The required output is the complete data, repeated without alteration.

[Dataset entries]
"""
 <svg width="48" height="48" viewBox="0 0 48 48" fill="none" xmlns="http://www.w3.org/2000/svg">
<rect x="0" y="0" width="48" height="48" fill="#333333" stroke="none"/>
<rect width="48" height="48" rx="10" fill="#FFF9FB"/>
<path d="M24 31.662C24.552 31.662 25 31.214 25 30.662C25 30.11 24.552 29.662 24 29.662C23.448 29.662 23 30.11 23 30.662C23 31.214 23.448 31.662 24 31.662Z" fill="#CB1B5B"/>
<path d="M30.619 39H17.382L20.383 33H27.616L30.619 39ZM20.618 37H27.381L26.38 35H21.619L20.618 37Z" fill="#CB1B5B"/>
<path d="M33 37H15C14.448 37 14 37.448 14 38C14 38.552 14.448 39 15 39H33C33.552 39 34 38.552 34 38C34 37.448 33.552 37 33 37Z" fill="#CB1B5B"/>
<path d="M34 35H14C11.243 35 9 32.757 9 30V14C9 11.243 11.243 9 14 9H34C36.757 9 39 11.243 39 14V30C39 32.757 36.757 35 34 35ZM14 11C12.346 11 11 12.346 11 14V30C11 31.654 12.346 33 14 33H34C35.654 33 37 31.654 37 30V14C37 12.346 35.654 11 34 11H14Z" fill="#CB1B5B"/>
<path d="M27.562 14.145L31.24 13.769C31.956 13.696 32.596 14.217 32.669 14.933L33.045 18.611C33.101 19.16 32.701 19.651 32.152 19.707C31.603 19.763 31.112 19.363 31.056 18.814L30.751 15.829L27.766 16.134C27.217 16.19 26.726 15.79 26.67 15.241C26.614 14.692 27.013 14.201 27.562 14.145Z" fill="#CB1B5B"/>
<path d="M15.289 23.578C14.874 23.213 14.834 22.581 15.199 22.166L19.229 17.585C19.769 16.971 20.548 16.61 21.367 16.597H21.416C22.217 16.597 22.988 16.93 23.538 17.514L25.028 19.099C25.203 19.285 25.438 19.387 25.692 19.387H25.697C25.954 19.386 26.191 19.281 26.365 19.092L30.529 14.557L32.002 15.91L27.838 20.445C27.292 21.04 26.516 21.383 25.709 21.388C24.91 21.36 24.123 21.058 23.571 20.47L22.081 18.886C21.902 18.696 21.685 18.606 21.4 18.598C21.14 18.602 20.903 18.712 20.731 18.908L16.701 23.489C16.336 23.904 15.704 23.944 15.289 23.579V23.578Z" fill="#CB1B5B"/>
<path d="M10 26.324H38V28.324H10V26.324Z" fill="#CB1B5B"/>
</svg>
"""
■ Written response:
 <svg width="48" height="48" viewBox="0 0 48 48" fill="none" xmlns="http://www.w3.org/2000/svg">
<rect x="0" y="0" width="48" height="48" fill="#333333" stroke="none"/>
<rect width="48" height="48" rx="10" fill="#FFF9FB"/>
<path d="M24 31.662C24.552 31.662 25 31.214 25 30.662C25 30.11 24.552 29.662 24 29.662C23.448 29.662 23 30.11 23 30.662C23 31.214 23.448 31.662 24 31.662Z" fill="#CB1B5B"/>
<path d="M30.619 39H17.382L20.383 33H27.616L30.619 39ZM20.618 37H27.381L26.38 35H21.619L20.618 37Z" fill="#CB1B5B"/>
<path d="M33 37H15C14.448 37 14 37.448 14 38C14 38.552 14.448 39 15 39H33C33.552 39 34 38.552 34 38C34 37.448 33.552 37 33 37Z" fill="#CB1B5B"/>
<path d="M34 35H14C11.243 35 9 32.757 9 30V14C9 11.243 11.243 9 14 9H34C36.757 9 39 11.243 39 14V30C39 32.757 36.757 35 34 35ZM14 11C12.346 11 11 12.346 11 14V30C11 31.654 12.346 33 14 33H34C35.654 33 37 31.654 37 30V14C37 12.346 35.654 11 34 11H14Z" fill="#CB1B5B"/>
<path d="M27.562 14.145L31.24 13.769C31.956 13.696 32.596 14.217 32.669 14.933L33.045 18.611C33.101 19.16 32.701 19.651 32.152 19.707C31.603 19.763 31.112 19.363 31.056 18.814L30.751 15.829L27.766 16.134C27.217 16.19 26.726 15.79 26.67 15.241C26.614 14.692 27.013 14.201 27.562 14.145Z" fill="#CB1B5B"/>
<path d="M15.289 23.578C14.874 23.213 14.834 22.581 15.199 22.166L19.229 17.585C19.769 16.971 20.548 16.61 21.367 16.597H21.416C22.217 16.597 22.988 16.93 23.538 17.514L25.028 19.099C25.203 19.285 25.438 19.387 25.692 19.387H25.697C25.954 19.386 26.191 19.281 26.365 19.092L30.529 14.557L32.002 15.91L27.838 20.445C27.292 21.04 26.516 21.383 25.709 21.388C24.91 21.36 24.123 21.058 23.571 20.47L22.081 18.886C21.902 18.696 21.685 18.606 21.4 18.598C21.14 18.602 20.903 18.712 20.731 18.908L16.701 23.489C16.336 23.904 15.704 23.944 15.289 23.579V23.578Z" fill="#CB1B5B"/>
<path d="M10 26.324H38V28.324H10V26.324Z" fill="#CB1B5B"/>
</svg>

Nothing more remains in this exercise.